Genomic imprinting refers to an epigenetic phenomenon that leads to expression of certain genes in a parent-of-origin dependent manner. Altered gene imprinting has been associated with several well-described disorders, i.e., Beckwith–Wiedemann and Russell-Silver syndromes associated with chromosome 11p15 and Prader-Willi and Angelman syndromes associated with chromosome 15q11-q13 (Barlow and Bartolomei, 2014; Butler, 2009; Horsthemke and Buiting, 2008; Monk et al., 2019; Tucci et al., 2019). In humans, over 100 imprinting genes have been discovered in the past few decades (Baran et al., 2015; Court et al., 2014). There is increasing evidence that a variety of imprinting genes are highly expressed in the human placenta and play vital roles in embryogenesis (Hanna et al., 2016; Peters, 2014; Plasschaert and Bartolomei, 2014; Sanchez-Delgado et al., 2016; Smith et al., 2014; Tucci et al., 2019).

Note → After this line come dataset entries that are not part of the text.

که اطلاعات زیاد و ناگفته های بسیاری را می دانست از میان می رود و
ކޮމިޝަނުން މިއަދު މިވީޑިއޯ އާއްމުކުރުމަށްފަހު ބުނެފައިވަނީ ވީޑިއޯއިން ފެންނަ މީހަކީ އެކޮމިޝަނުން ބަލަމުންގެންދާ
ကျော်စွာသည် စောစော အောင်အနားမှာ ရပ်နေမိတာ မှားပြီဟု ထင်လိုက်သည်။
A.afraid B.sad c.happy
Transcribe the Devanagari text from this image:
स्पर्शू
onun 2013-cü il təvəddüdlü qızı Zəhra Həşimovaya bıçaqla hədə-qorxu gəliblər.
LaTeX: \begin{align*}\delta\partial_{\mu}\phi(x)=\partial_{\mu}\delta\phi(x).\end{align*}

The molecular mechanisms underlying imprinting disorders include pathogenic genetic/epigenetic alterations of imprinted genes, copy number variants in the critical regions, and uniparental disomy (UPD)(Baran et al., 2015; Barlow and Bartolomei, 2014; Butler, 2009; Horsthemke and Buiting, 2008). Paternal and maternal UPD are frequently associated with clinically distinctive imprinting disorders. For instance, maternal UPD14 is associated with Temple syndrome (TS), whereas paternal UPD14 is associated with Kagami-Ogata syndrome (KOS)(Kagami et al., 2017; Ogata and Kagami, 2016; Prasasya et al., 2020). The common clinical features observed in patients with KOS and TS include feeding problems, short stature, growth retardation, hypotonia, developmental delay, intellectual disability, dysmorphic facial features, and kyphoscoliosis. Apart from the shared clinical features of these syndromes, oligohydramnios is present in the prenatal cases with TS while polyhydramnios occurs in the prenatal KOS cases. In addition, small bell-shaped thorax, cardiac defects, and abdominal wall defects are frequently observed in KOS but uncommon in TS (Ioannides et al., 2014; Kagami et al., 2015; Prasasya et al., 2020).

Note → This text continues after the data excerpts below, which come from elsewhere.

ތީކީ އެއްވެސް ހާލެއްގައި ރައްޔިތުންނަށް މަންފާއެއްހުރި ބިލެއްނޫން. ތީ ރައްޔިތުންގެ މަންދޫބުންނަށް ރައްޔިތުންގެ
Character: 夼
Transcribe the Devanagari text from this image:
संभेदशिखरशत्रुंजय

Interestingly, small supernumerary maker chromosomes (sSMCs) have been observed in a subset of cases with UPD. An sSMC is a structurally abnormal chromosome that is generally equal to or smaller than chromosome 20 in size and is generally unidentifiable by banding pattern alone. As the genomic content of sSMCs is variable, clinical phenotypes in patients with sSMCs are highly variable, ranging from clinically normal to severely affected (Liehr et al., 2011). To date, cases with either UPD or sSMC have been reported involving all of the autosomes and sex chromosomes; however, reports of cases with both UPD and sSMC are relatively rare(Liehr T. 2022). Liehr et al. (2011) reported 46 UPD + sSMC cases, among which, three cases involved maternal UPD14 + sSMC whereas only one case involved paternal UPD14 + sSMC (Liehr et al., 2011). To date, the vast majority of the patients with UPD14 and sSMC have been reported in association with TS resulting from maternal UPD14. Cases with paternal UPD14 and sSMC derived from chromosome 14 are rare.
In this study, we report a neonatal case with clinical features consistent with KOS. By utilizing cytogenetic and molecular techniques, we determined this patient is a carrier of both paternal UPD14 and an sSMC derived from chromosome 14. To our knowledge, this is the first case report of KOS resulting from paternal UPD14 and presence of sSMC with complex chromosomal rearrangement and no evidence of mosaicism.